West Africa is one of the most expensive regions in the world to drill, making it more challenging for African producers in Nigeria to compete globally, according to Deloitte’s 2025 West Africa Oil and Gas Outlook.
For instance, the elevated security risk in the Niger Delta means expatriate roles are more expensive to fill.
The report explained that these premiums add significantly to project costs, often without a corresponding return in productivity or efficiency.
“Local content rules, while necessary for domestic capacity-building, can further inflate costs when required inputs or services are not readily available in the domestic market. This creates tension between producers and governments, as the intention and the impact often result in duplicated spending. Typically, a projects first attempt is local sourcing, followed by repeat procurement offshore when delivery fails”.
“Alternatively, middlemen get invited through alliances to satisfy rigid local content requirements. In addressing these cost premium issues, the Nigerian president recently issued some executive orders to cut through complex procurement processes and local content rules”, the report added.
Consequently, it pointed out that producers operating in West Africa are under enormous pressure to identify savings elsewhere.

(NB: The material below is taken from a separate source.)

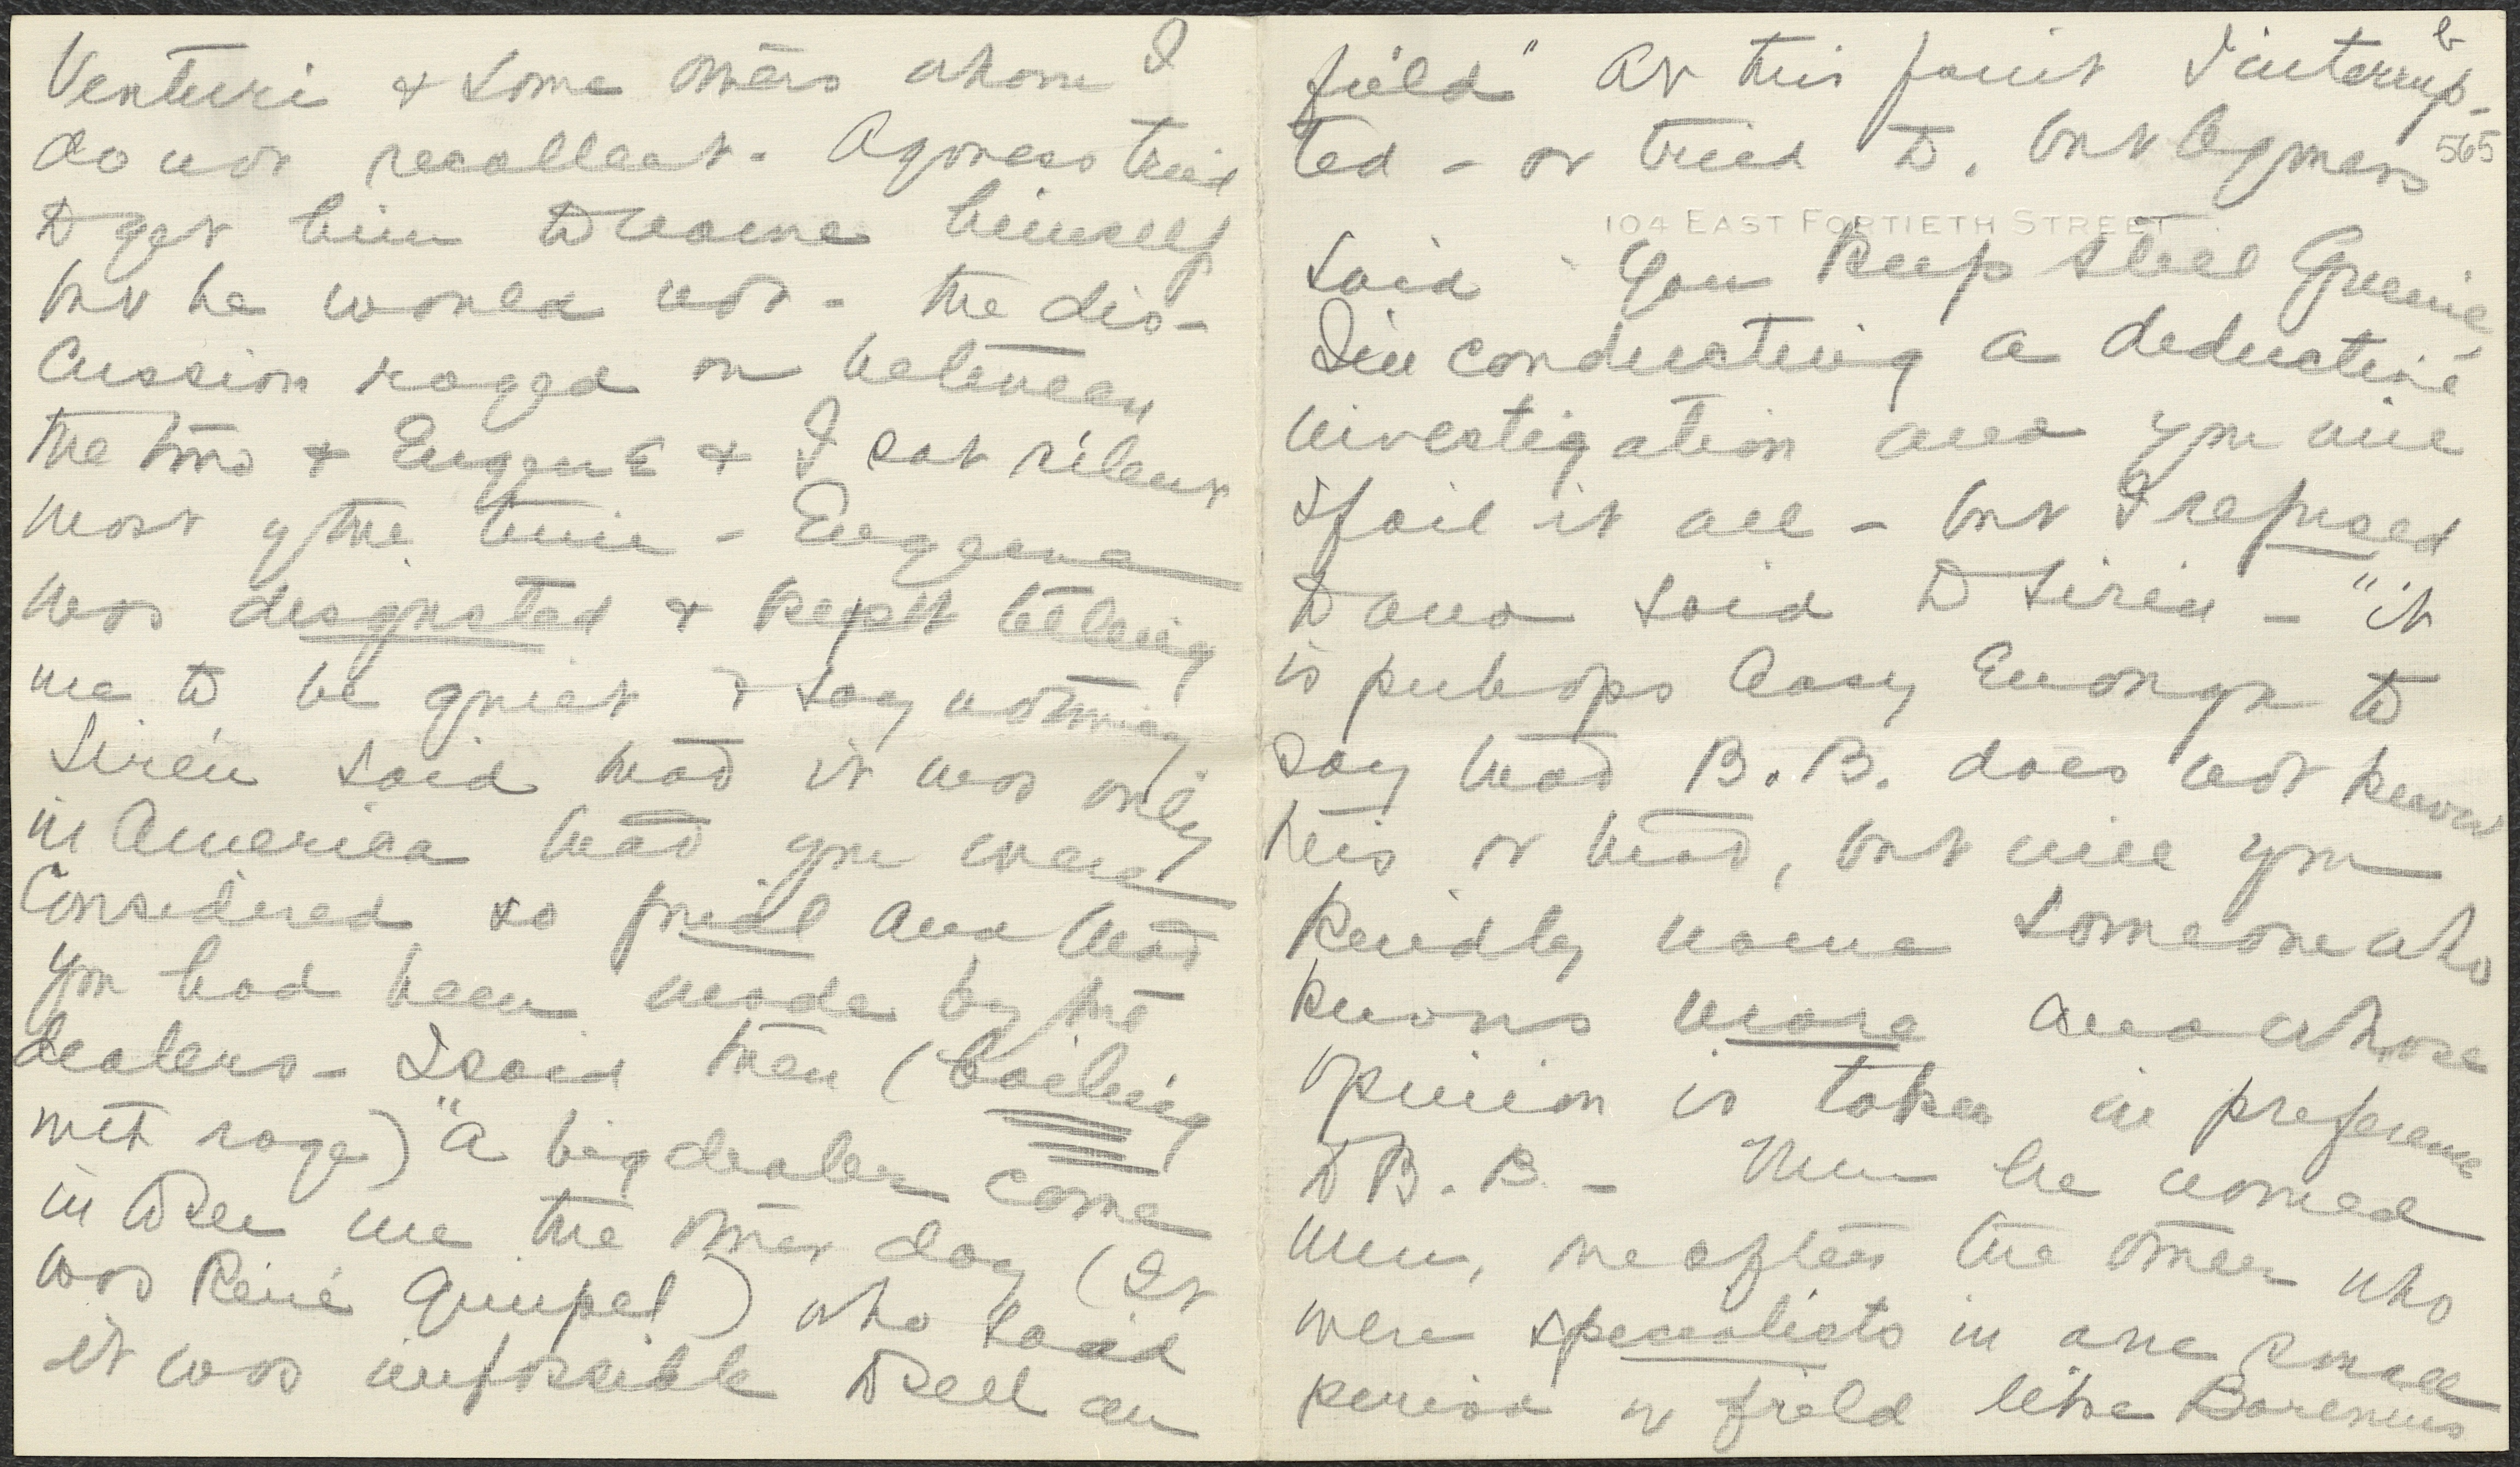field” At this point I interrupted – or tried to, but Agoness said “You keep still Greenie, I’m conducting a deductive investigation and you will spoil it all – but I refused to and said to Sirén – “it is perhaps easy enough to say that B.B. does not know this or that, but will you kindly name someone who knows more and whose opinion is taken in preference to B.B. – then he would win, one after the other who were specialists in one small period or field like Borenius,
Venturi & some others whom I do not recollect – Agoness tried to get him to name himself but he would not – the discussion raged on between the two & Eugene & I sat silent most of the time – Eugene was disgusted & kept telling me to be quiet & say nothing. Sirén said that it was only in America that you were considered so final and that you had been made by the dealers – I said then ([quadruple underlined: boiling] with rage) “A big dealer came in to see me the other day (It was René Gimpel) who said it was impossible to sell an

In addition to reimagining their operating models, Deloitte Consulting teams working with oil and gas companies in the region confirm the increasing shift by producers towards spending more on technology and data analytics to increase efficiency and unlock cost savings in operations, finance and supply chain functions by implementing digital tools.
Ultimately, the report alluded that industry stakeholders agree that a portion of the premium is a policy problem, one that requires government action to simplify contracting and reduce avoidable inefficiencies, while attempting to support local supply chains.